(EXERCISE)
Find every line of the data below that has "class" in it. Reply with the number only.

(SOURCE RECORDS)
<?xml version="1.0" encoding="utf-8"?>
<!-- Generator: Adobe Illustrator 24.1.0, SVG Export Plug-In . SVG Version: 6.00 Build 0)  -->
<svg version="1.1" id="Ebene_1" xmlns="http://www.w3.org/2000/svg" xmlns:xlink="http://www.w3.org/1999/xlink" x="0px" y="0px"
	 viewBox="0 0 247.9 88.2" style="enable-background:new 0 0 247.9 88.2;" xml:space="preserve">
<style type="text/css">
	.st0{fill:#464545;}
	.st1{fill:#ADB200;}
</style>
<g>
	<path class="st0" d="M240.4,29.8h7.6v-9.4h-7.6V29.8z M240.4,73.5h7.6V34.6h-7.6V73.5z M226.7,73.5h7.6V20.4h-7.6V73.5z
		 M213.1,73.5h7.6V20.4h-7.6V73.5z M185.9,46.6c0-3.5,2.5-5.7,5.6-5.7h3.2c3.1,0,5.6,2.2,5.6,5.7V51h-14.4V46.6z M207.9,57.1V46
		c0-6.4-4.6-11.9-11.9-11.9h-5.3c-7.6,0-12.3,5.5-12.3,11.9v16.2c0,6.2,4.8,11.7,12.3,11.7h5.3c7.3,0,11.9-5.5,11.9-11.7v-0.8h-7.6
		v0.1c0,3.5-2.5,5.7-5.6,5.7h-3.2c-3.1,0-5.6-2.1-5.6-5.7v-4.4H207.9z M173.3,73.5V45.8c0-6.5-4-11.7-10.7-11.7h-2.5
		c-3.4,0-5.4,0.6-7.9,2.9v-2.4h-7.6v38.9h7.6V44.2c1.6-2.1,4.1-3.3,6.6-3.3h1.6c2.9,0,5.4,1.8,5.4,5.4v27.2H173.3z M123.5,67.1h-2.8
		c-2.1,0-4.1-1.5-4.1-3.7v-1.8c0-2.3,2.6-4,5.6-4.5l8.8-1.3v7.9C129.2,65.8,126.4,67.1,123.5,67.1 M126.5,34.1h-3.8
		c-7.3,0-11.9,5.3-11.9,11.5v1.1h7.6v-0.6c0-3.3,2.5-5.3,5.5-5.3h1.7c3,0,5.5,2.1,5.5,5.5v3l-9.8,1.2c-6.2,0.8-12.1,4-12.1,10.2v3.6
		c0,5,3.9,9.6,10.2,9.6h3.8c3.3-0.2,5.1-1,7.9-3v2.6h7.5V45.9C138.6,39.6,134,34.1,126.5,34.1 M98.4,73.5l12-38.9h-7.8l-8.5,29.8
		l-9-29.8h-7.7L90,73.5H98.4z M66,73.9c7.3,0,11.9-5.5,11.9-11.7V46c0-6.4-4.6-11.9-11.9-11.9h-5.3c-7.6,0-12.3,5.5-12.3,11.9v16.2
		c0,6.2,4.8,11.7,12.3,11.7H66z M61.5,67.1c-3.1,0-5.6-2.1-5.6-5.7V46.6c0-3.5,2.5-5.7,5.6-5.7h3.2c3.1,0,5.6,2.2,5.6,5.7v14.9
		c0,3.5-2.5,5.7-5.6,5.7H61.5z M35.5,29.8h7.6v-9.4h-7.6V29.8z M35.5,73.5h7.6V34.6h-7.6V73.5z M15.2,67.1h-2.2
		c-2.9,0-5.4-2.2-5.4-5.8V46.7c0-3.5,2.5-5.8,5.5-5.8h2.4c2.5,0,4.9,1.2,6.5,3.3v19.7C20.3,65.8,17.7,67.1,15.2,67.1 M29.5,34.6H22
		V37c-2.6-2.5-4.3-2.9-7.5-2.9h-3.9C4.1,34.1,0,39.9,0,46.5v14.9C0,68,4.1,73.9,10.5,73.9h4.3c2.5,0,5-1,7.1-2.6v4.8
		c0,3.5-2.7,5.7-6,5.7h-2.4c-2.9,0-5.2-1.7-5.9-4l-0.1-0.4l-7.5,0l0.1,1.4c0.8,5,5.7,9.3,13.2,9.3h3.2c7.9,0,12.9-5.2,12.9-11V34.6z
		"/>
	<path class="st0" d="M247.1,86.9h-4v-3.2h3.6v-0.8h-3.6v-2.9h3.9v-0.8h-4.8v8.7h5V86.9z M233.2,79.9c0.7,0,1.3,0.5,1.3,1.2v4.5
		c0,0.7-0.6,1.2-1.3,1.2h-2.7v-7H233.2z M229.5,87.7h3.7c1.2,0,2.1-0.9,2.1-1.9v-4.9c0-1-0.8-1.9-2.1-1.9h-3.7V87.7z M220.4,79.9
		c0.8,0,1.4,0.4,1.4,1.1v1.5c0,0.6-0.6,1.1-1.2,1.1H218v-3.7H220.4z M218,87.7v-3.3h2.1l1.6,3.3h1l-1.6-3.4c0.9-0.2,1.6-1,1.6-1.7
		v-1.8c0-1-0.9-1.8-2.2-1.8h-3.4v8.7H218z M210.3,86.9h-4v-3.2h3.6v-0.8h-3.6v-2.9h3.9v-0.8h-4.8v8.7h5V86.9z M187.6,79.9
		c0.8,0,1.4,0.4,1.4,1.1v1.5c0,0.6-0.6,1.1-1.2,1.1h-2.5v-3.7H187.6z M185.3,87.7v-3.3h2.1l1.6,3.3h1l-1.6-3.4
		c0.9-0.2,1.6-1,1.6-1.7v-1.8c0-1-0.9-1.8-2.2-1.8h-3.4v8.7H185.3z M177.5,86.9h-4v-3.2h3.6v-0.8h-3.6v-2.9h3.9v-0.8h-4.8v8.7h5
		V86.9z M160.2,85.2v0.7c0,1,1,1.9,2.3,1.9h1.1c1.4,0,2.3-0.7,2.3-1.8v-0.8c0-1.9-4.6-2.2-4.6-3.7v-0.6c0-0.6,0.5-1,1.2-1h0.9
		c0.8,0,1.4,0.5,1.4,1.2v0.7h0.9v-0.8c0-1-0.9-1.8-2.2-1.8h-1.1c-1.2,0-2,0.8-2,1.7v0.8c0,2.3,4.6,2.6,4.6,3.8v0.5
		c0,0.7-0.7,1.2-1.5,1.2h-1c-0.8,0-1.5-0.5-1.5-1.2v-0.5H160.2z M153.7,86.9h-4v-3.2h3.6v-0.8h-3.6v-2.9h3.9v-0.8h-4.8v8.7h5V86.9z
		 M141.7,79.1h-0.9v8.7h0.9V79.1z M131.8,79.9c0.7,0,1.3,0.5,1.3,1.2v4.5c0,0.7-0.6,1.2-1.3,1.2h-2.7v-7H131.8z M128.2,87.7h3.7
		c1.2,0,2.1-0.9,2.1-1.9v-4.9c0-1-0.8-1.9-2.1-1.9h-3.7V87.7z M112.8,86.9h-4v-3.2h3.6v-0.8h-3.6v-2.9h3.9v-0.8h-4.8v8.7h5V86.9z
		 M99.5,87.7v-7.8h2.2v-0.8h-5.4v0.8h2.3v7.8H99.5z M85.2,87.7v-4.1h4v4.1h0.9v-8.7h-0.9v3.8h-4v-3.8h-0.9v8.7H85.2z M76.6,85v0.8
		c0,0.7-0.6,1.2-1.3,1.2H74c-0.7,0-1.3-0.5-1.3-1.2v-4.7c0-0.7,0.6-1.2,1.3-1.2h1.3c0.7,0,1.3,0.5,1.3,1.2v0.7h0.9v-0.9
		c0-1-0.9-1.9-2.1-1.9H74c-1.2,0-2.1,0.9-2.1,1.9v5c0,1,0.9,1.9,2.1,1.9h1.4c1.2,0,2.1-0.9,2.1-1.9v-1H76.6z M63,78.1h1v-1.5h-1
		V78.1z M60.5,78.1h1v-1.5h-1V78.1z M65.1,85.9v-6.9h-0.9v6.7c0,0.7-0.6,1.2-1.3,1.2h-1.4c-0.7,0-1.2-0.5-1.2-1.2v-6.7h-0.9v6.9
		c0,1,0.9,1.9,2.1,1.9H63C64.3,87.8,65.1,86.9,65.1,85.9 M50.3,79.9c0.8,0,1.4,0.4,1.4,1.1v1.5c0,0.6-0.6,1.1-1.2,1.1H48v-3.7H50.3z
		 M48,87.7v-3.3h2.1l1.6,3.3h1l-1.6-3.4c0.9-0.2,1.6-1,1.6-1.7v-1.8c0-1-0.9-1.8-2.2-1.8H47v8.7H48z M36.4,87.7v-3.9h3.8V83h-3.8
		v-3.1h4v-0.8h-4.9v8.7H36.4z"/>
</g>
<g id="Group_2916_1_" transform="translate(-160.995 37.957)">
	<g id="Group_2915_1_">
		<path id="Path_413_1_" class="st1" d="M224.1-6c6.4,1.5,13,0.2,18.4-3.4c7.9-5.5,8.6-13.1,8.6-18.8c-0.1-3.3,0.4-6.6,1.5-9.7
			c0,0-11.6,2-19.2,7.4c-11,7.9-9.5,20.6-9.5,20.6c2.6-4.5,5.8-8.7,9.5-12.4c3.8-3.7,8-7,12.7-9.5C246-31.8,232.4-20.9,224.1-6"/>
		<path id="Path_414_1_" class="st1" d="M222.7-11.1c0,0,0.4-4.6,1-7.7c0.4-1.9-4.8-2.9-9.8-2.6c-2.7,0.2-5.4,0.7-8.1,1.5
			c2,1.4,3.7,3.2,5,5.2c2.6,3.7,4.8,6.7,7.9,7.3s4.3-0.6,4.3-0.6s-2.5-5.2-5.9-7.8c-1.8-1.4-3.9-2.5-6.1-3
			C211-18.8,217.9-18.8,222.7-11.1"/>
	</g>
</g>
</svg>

(OUTPUT BELOW)
4